Background: Nevus comedonicus is a rare disease and diagnosis is made chiefly on clinical grounds. It may occur in isolation, or in rare cases, it may be combined with other congenital malformations to constitute nevus comedonicus syndrome. We report a case of this disease herein.

Patients and methods: A young woman aged 20 years presented with cribriform plaques since birth resulting from the juxtaposition of depressed pigmented scars and comedonic lesions. These lesions were found on the entire face, the left hemithorax and the left upper limb, with well delineated distribution stopping at the median line. The patient's history revealed congenital cataract of the left eye operated at the age of 10 years. Clinical diagnosis of nevus comedonicus was confirmed by histological examination of the skin. Laboratory screening for other associated malformations revealed no abnormalities. Oral retinoids were proposed but the patient refused all treatments.

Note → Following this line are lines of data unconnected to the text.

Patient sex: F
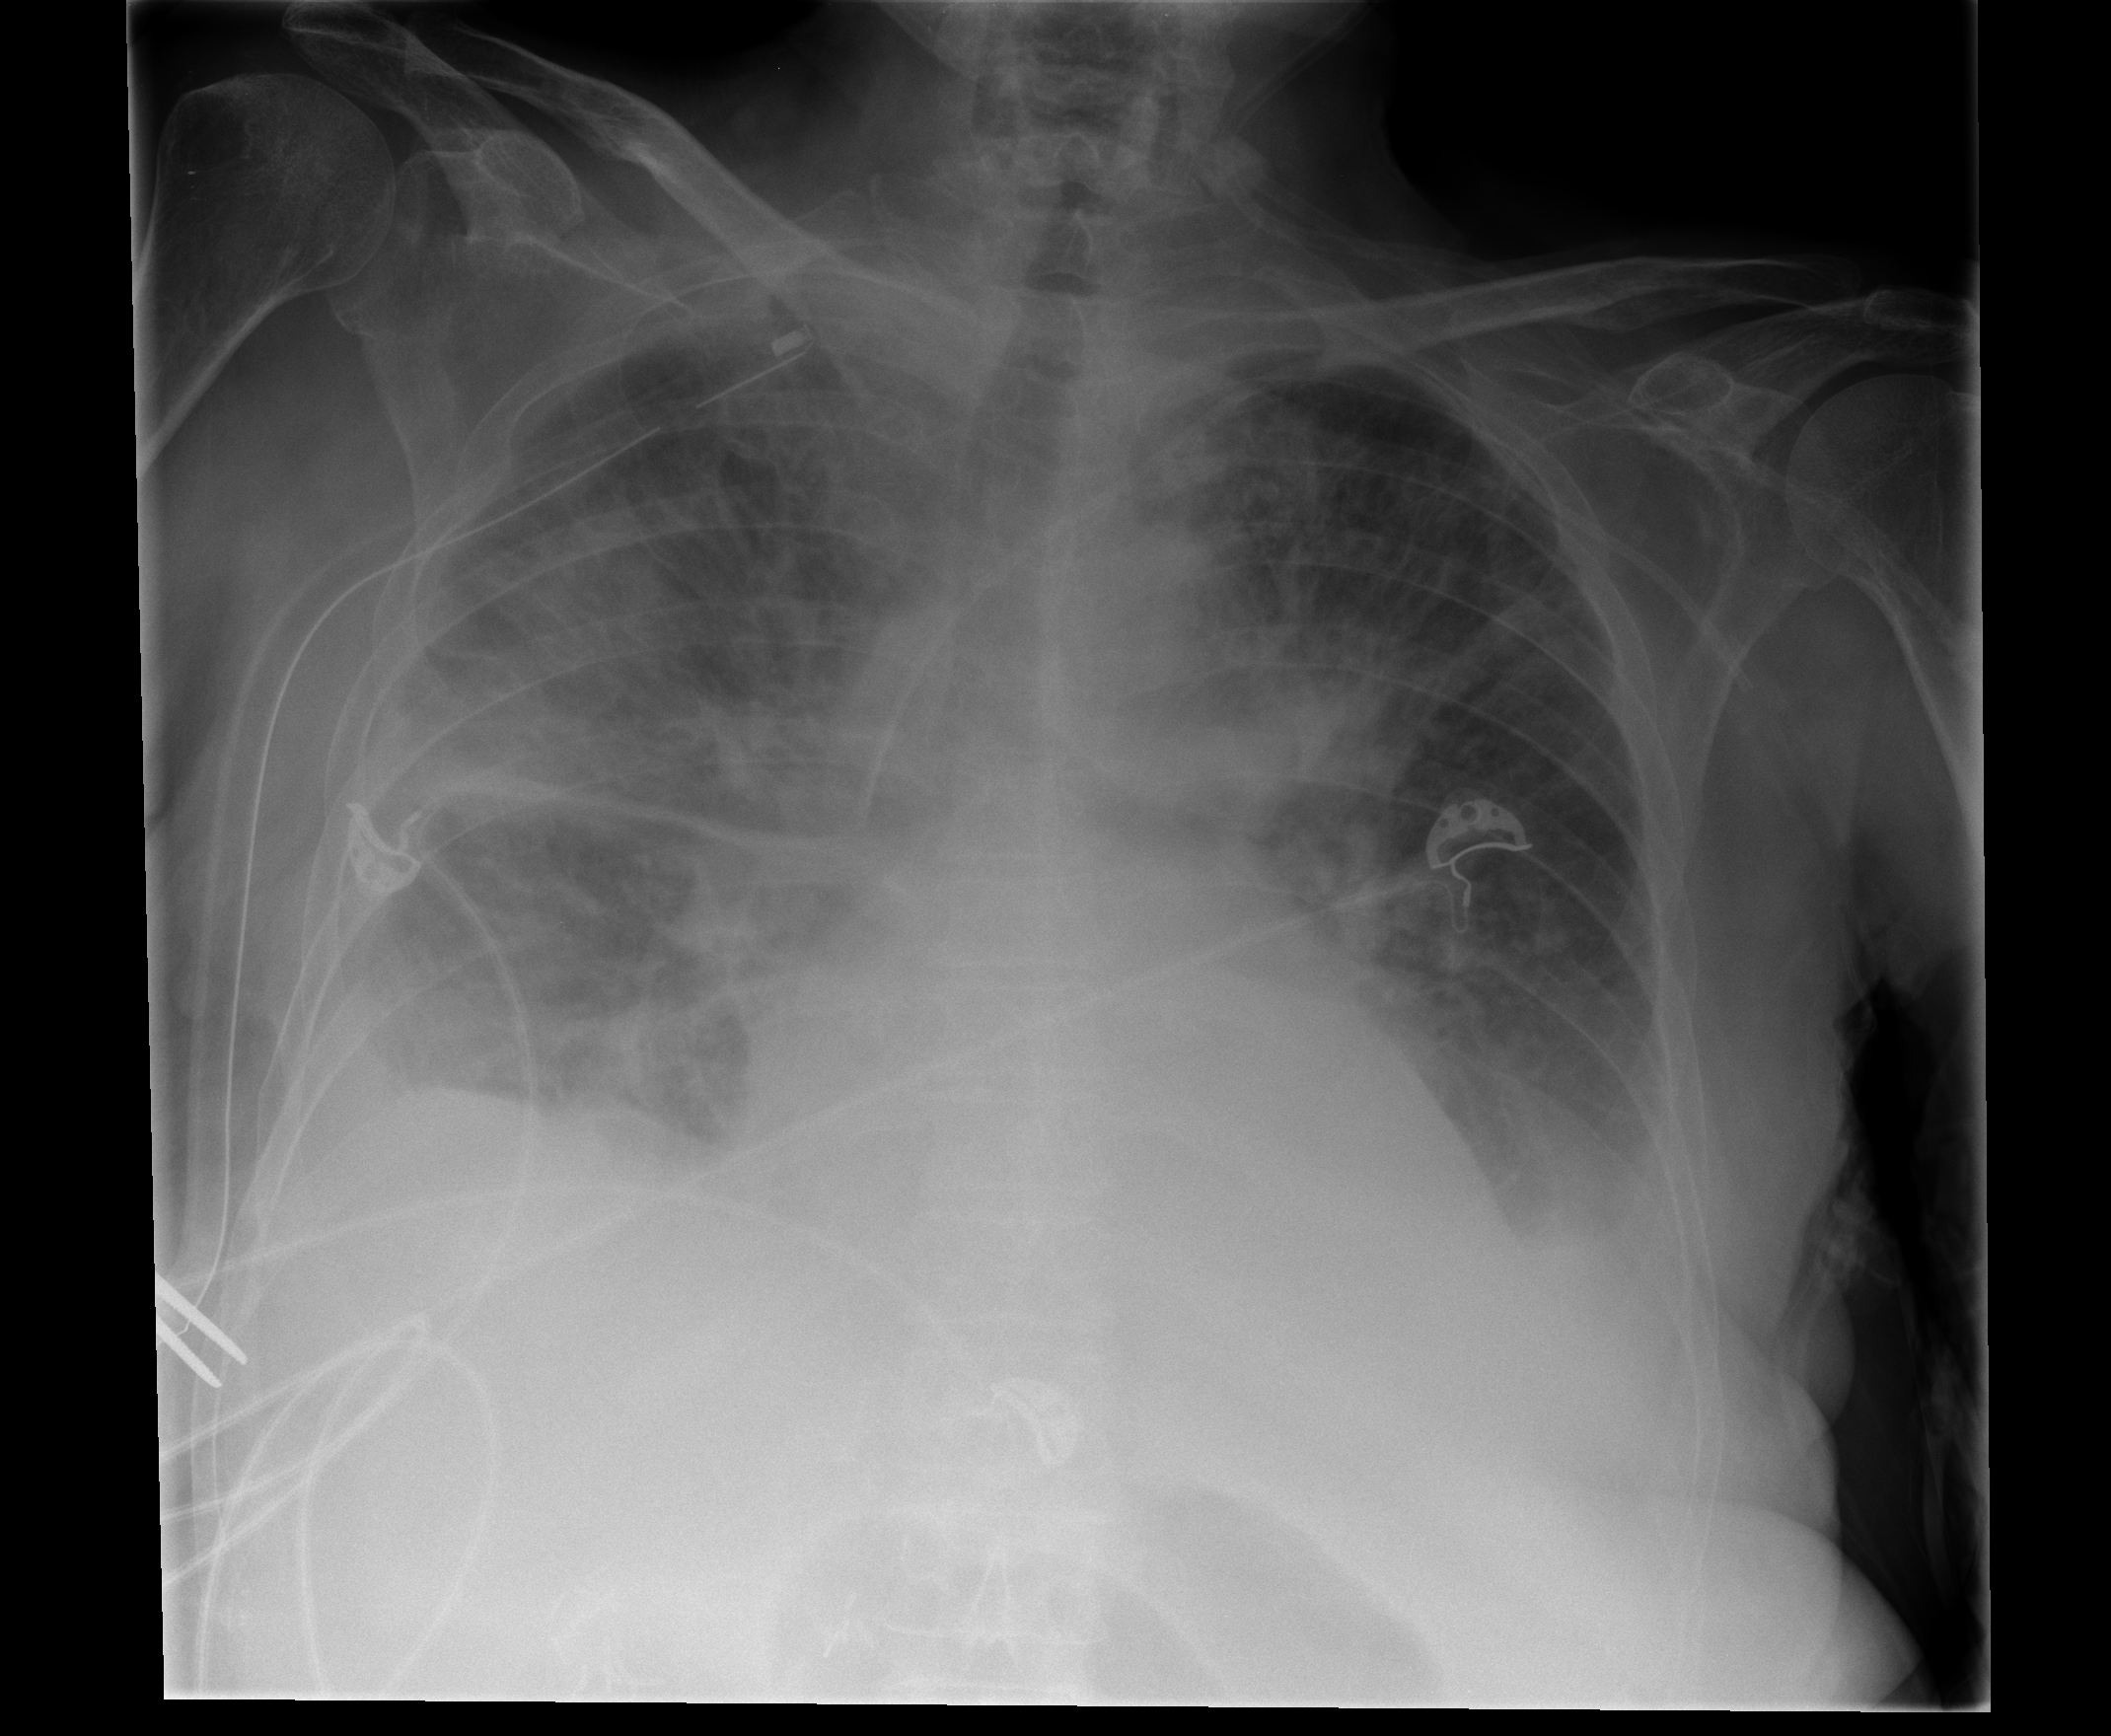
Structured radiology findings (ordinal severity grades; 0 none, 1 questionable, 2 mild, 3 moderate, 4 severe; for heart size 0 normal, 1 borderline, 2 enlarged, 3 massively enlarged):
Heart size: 2
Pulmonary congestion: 3
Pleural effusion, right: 3
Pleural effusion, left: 2
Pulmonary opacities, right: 3
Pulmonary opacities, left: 3
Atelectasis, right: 3
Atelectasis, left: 2
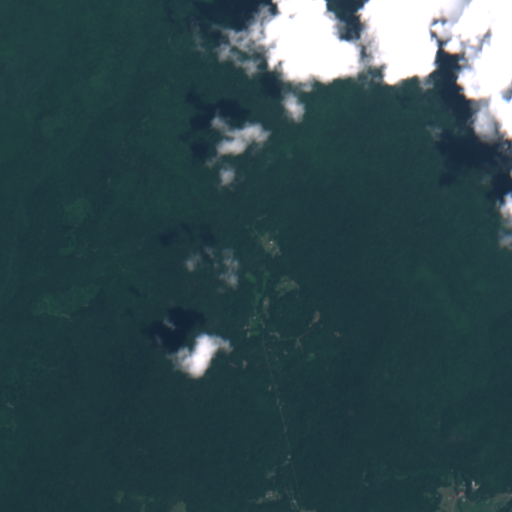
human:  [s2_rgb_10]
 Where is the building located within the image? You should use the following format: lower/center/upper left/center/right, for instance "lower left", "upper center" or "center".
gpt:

Discussion: Nevus comedonicus is one of the rarest forms of cutaneous nevus. This case is original as regards the extent and topography of the nevus covering the left side of the patient's body and its association with congenital cataract potentially indicating nevus comedonicus syndrome. This syndrome is extremely rare and belongs to a large group of epidermal nevus syndromes characterised by association of nevus and extracutaneous malformations, particularly ocular, skeletal and neurological.